Newcastle, Australia - DSI Underground Australia and Fero Group Pty Ltd (Fero) have signed an agreement under which DSI Underground Australia will acquire 100 per cent of privately owned Fero.
Employing 300 people, DSI Underground Australia is an Australian manufacturing success story. It supplies high quality Australian-made strata reinforcement and ground support products essential to safety and efficiency in the underground mining, infrastructure and construction sectors.
“The acquisition of Fero will add galvanizing and mesh manufacturing processes into DSI Underground Australia’s manufacturing capability, allowing us to better serve customers, continue to invest in R&D, and increase exports to African and Asian mining services markets,” CEO of DSI Underground Australia, Mr Derek Hird, said.

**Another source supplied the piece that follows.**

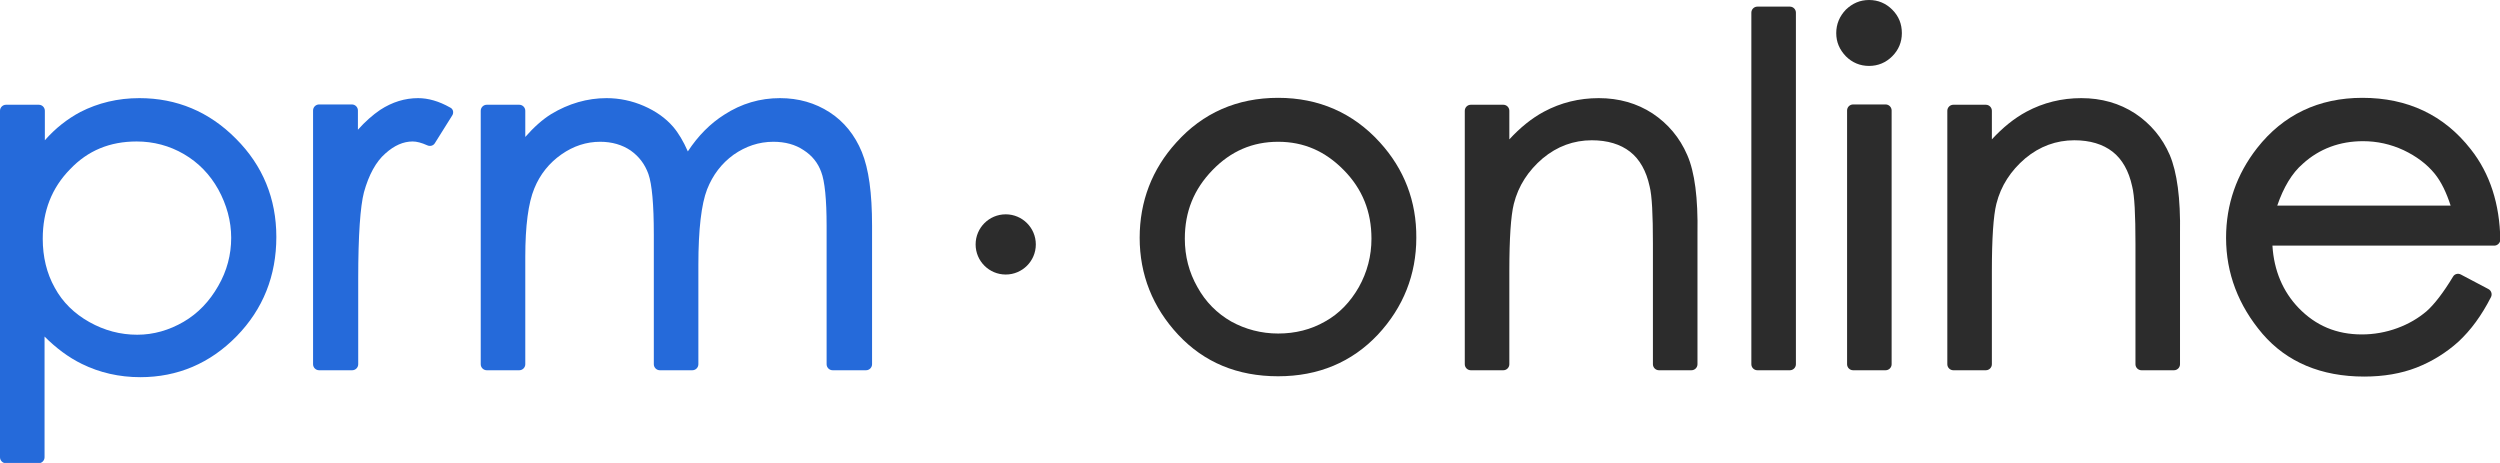 <?xml version="1.0" encoding="UTF-8"?> <svg xmlns="http://www.w3.org/2000/svg" width="891" height="165" viewBox="0 0 891 165" fill="none"><g clip-path="url(#clip0_69_186)"><path d="M491.792 50.745C482.243 40.231 470.013 34.867 455.529 34.867C440.939 34.867 428.708 40.231 419.267 50.745C410.577 60.293 406.178 71.772 406.178 84.753C406.178 97.842 410.792 109.535 419.911 119.298C429.137 129.168 441.046 134.103 455.529 134.103C469.906 134.103 481.814 129.061 491.041 119.298C500.16 109.535 504.773 97.842 504.773 84.753C504.88 71.772 500.482 60.293 491.792 50.745ZM455.529 50.53C464.649 50.53 472.266 53.856 478.918 60.615C485.569 67.373 488.788 75.42 488.788 85.075C488.788 91.19 487.286 96.983 484.282 102.347C481.278 107.604 477.308 111.788 472.266 114.578C467.223 117.474 461.645 118.869 455.529 118.869C449.522 118.869 443.835 117.367 438.793 114.578C433.751 111.681 429.674 107.604 426.777 102.347C423.773 97.091 422.271 91.297 422.271 85.075C422.271 75.42 425.49 67.481 432.141 60.615C438.686 53.856 446.41 50.53 455.529 50.53Z" fill="#2C2C2C"></path><path d="M601.333 55.25C598.651 49.028 594.466 44.093 588.995 40.445C583.416 36.798 576.979 34.974 569.791 34.974C562.817 34.974 556.273 36.583 550.265 39.802C545.866 42.162 541.79 45.487 537.927 49.672V39.48C537.927 38.3 536.962 37.334 535.782 37.334H524.195C523.015 37.334 522.049 38.3 522.049 39.48V129.811C522.049 130.991 523.015 131.957 524.195 131.957H535.782C536.962 131.957 537.927 130.991 537.927 129.811V96.661C537.927 84.967 538.464 76.921 539.537 72.63C541.146 66.193 544.686 60.829 549.836 56.43C554.986 52.139 560.886 49.993 567.323 49.993C572.902 49.993 577.515 51.388 580.949 54.07C584.382 56.752 586.742 60.936 587.922 66.408C588.78 69.733 589.102 76.599 589.102 86.791V129.811C589.102 130.991 590.068 131.957 591.248 131.957H602.835C604.015 131.957 604.98 130.991 604.98 129.811V83.251C605.195 70.592 604.015 61.365 601.333 55.25Z" fill="#2C2C2C"></path><path d="M637.916 2.361H626.329C625.149 2.361 624.183 3.326 624.183 4.506V129.812C624.183 130.992 625.149 131.957 626.329 131.957H637.916C639.096 131.957 640.061 130.992 640.061 129.812V4.506C640.061 3.326 639.096 2.361 637.916 2.361Z" fill="#2C2C2C"></path><path d="M674.391 3.433C672.138 1.18 669.349 0 666.13 0C662.912 0 660.23 1.18 657.869 3.433C655.616 5.793 654.436 8.583 654.436 11.801C654.436 15.02 655.616 17.702 657.869 20.062C660.122 22.315 662.912 23.495 666.13 23.495C669.349 23.495 672.138 22.315 674.391 20.062C676.644 17.809 677.824 15.02 677.824 11.801C677.824 8.583 676.751 5.793 674.391 3.433Z" fill="#2C2C2C"></path><path d="M672.032 37.227H660.445C659.265 37.227 658.299 38.192 658.299 39.373V129.811C658.299 130.991 659.265 131.957 660.445 131.957H672.032C673.212 131.957 674.177 130.991 674.177 129.811V39.373C674.177 38.192 673.212 37.227 672.032 37.227Z" fill="#2C2C2C"></path><path d="M773.308 55.25C770.626 49.028 766.442 44.093 760.971 40.445C755.392 36.798 748.955 34.974 741.767 34.974C734.793 34.974 728.249 36.583 722.241 39.802C717.842 42.162 713.765 45.487 709.903 49.672V39.48C709.903 38.3 708.938 37.334 707.757 37.334H696.171C694.991 37.334 694.025 38.3 694.025 39.48V129.811C694.025 130.991 694.991 131.957 696.171 131.957H707.757C708.938 131.957 709.903 130.991 709.903 129.811V96.661C709.903 84.967 710.44 76.921 711.512 72.63C713.122 66.193 716.662 60.829 721.812 56.43C726.961 52.139 732.862 49.993 739.299 49.993C744.878 49.993 749.491 51.388 752.924 54.07C756.357 56.752 758.718 60.936 759.898 66.408C760.756 69.733 761.078 76.599 761.078 86.791V129.811C761.078 130.991 762.044 131.957 763.224 131.957H774.81C775.991 131.957 776.956 130.991 776.956 129.811V83.251C777.171 70.592 775.883 61.365 773.308 55.25Z" fill="#2C2C2C"></path><path d="M880.594 53.212C871.046 40.982 858.064 34.867 841.972 34.867C826.415 34.867 813.756 40.875 804.422 52.783C797.127 62.117 793.372 72.845 793.372 84.753C793.372 97.412 797.77 108.892 806.353 118.976C815.043 129.061 827.274 134.21 842.615 134.21C849.482 134.21 855.811 133.137 861.283 130.992C866.754 128.846 871.797 125.735 876.195 121.766C880.594 117.689 884.456 112.432 887.782 105.888C888.318 104.815 887.889 103.528 886.816 102.991L877.054 97.842C876.088 97.305 874.801 97.627 874.264 98.593C870.831 104.279 867.613 108.463 864.823 110.93C861.926 113.398 858.493 115.436 854.417 116.938C850.34 118.44 846.048 119.191 841.757 119.191C832.745 119.191 825.342 116.08 819.227 109.75C813.648 103.957 810.43 96.447 809.894 87.543H888.962C889.499 87.543 890.035 87.328 890.464 86.899C890.893 86.47 891.108 85.933 891.108 85.397C890.893 72.738 887.46 61.902 880.594 53.212ZM811.61 73.274C813.863 66.73 816.867 61.688 820.729 58.362C826.63 52.998 833.925 50.316 842.186 50.316C847.229 50.316 852.056 51.388 856.67 53.534C861.175 55.68 864.93 58.469 867.72 61.902C870.08 64.799 871.904 68.661 873.406 73.274H811.61Z" fill="#2C2C2C"></path><path d="M84.111 49.457C74.563 39.802 62.976 34.974 49.673 34.974C41.948 34.974 34.975 36.69 28.645 39.909C24.032 42.376 19.74 45.702 15.985 49.993V39.48C15.985 38.3 15.02 37.334 13.84 37.334H2.146C0.966 37.334 0 38.3 0 39.48V162.962C0 164.142 0.966 165.107 2.146 165.107H13.732C14.913 165.107 15.878 164.142 15.878 162.962V119.941C19.955 124.018 24.354 127.344 29.181 129.704C35.511 132.815 42.485 134.425 49.995 134.425C63.298 134.425 74.885 129.49 84.326 119.834C93.767 110.179 98.487 98.27 98.487 84.431C98.487 70.806 93.66 59.005 84.111 49.457ZM82.395 84.753C82.395 90.761 80.893 96.554 77.781 101.918C74.67 107.389 70.593 111.681 65.444 114.685C60.294 117.688 54.715 119.298 48.922 119.298C42.914 119.298 37.228 117.796 31.864 114.792C26.499 111.788 22.315 107.711 19.526 102.562C16.629 97.412 15.234 91.512 15.234 85.075C15.234 75.205 18.453 66.944 24.997 60.292C31.327 53.641 39.159 50.422 48.707 50.422C54.715 50.422 60.401 51.925 65.551 54.928C70.701 57.932 74.777 62.116 77.781 67.48C80.785 72.952 82.395 78.745 82.395 84.753Z" fill="#256ADA"></path><path d="M161.463 39.587C161.355 39.051 160.926 38.514 160.39 38.3C156.42 36.047 152.558 34.974 149.018 34.974C144.297 34.974 139.791 36.368 135.5 39.158C132.818 40.982 130.136 43.342 127.561 46.239V39.372C127.561 38.192 126.595 37.227 125.415 37.227H113.721C112.541 37.227 111.575 38.192 111.575 39.372V129.811C111.575 130.991 112.541 131.957 113.721 131.957H125.522C126.702 131.957 127.668 130.991 127.668 129.811V99.236C127.668 83.787 128.419 73.488 129.706 68.553C131.423 62.331 133.998 57.61 137.324 54.714C140.542 51.817 143.761 50.422 147.087 50.422C148.481 50.422 150.198 50.852 152.344 51.817C153.309 52.246 154.489 51.925 155.026 50.959L161.141 41.196C161.463 40.767 161.57 40.123 161.463 39.587Z" fill="#256ADA"></path><path d="M307.155 54.177C304.688 48.17 300.826 43.342 295.676 40.016C290.526 36.69 284.626 34.974 277.974 34.974C270.893 34.974 264.242 36.905 258.126 40.874C253.191 43.986 248.793 48.384 245.145 53.963C243.536 50.315 241.819 47.419 239.888 45.166C237.206 42.054 233.665 39.587 229.481 37.763C225.297 35.939 220.791 34.974 216.178 34.974C209.312 34.974 202.66 36.905 196.438 40.66C193.326 42.591 190.215 45.38 187.211 48.813V39.48C187.211 38.3 186.245 37.334 185.065 37.334H173.479C172.298 37.334 171.333 38.3 171.333 39.48V129.811C171.333 130.991 172.298 131.957 173.479 131.957H185.065C186.245 131.957 187.211 130.991 187.211 129.811V91.512C187.211 80.569 188.284 72.308 190.43 67.159C192.468 62.116 195.794 58.039 200.085 55.036C204.377 52.032 208.99 50.53 213.925 50.53C218.109 50.53 221.757 51.603 224.761 53.641C227.765 55.787 229.803 58.469 231.091 62.009C232.378 65.657 233.022 72.952 233.022 83.573V129.811C233.022 130.991 233.987 131.957 235.167 131.957H246.754C247.934 131.957 248.9 130.991 248.9 129.811V94.408C248.9 81.749 249.973 72.737 252.011 67.48C254.049 62.331 257.161 58.254 261.452 55.143C265.744 52.139 270.464 50.53 275.614 50.53C279.798 50.53 283.446 51.495 286.45 53.534C289.453 55.465 291.492 58.039 292.672 61.258C293.959 64.584 294.603 71.128 294.603 80.462V129.811C294.603 130.991 295.569 131.957 296.749 131.957H308.657C309.838 131.957 310.803 130.991 310.803 129.811V80.462C310.803 68.768 309.623 60.185 307.155 54.177Z" fill="#256ADA"></path><path d="M358.439 97.841C364.364 97.841 369.167 93.038 369.167 87.113C369.167 81.188 364.364 76.385 358.439 76.385C352.514 76.385 347.71 81.188 347.71 87.113C347.71 93.038 352.514 97.841 358.439 97.841Z" fill="#2C2C2C"></path></g><defs><clipPath id="clip0_69_186"><rect width="891" height="165" fill="white"></rect></clipPath></defs></svg>

The owners of Fero, the Franco family of Perth, have agreed to invest part of the sale proceeds into DSI Underground Australia’s parent company, DSI Underground Holdings S.a.r.l. and will become a shareholder in DSI Underground’s global mining business.
Michael Reich, Group CEO of DSI Underground, said the aim was to provide customers with a broader range of products, allow for continued R&D investment, and adapt to the digitalization of products and services.
“I am very pleased that the owners of Fero, the Franco family, will become shareholders in DSI Underground and that Fero’s Managing Director, Michael Franco, will continue to support DSI Underground at an operational level and as an advisor to the global DSI Underground Board. I look forward to welcoming Michael and the entire Fero team to DSI Underground.”
Fero’s Managing Director, Michael Franco, said the Franco family was extremely proud of the entire Fero team and the leading business it had built together.
“We now look forward to working closely with the DSI Underground team to support the continued growth of the combined businesses. Personally, I look forward to becoming part of the DSI Underground global team,” Mr Franco said.
Terms of the acquisition have not been disclosed and the transaction is conditional on regulatory approval.